HOW TO COMPLETE THIS TASK. Each line of data below must be printed exactly as written, with any pictures removed.

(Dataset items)
---

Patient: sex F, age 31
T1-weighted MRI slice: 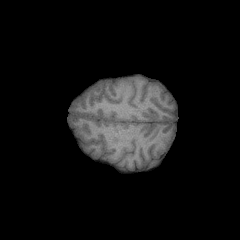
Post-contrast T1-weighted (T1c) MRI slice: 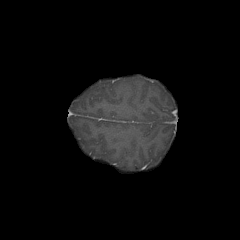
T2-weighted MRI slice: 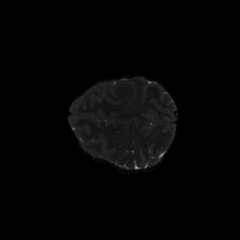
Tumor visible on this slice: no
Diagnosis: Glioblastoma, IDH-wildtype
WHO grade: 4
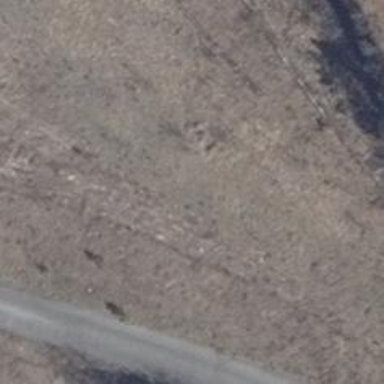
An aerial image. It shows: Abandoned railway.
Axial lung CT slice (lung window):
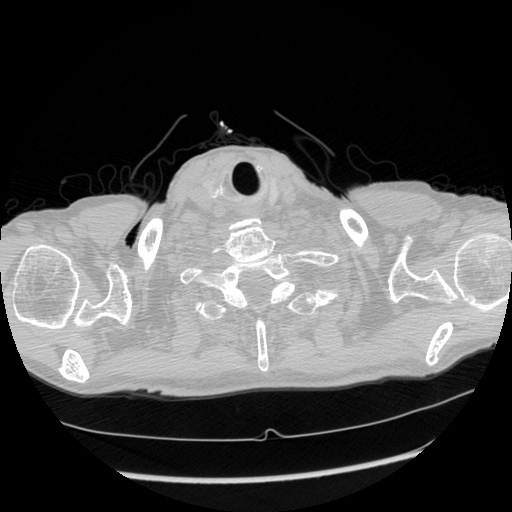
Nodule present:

---

TASK RESULT.
Patient: sex F, age 31
T1-weighted MRI slice: 
Post-contrast T1-weighted (T1c) MRI slice: 
T2-weighted MRI slice: 
Tumor visible on this slice: no
Diagnosis: Glioblastoma, IDH-wildtype
WHO grade: 4
An aerial image. It shows: Abandoned railway.
Axial lung CT slice (lung window):
Nodule present:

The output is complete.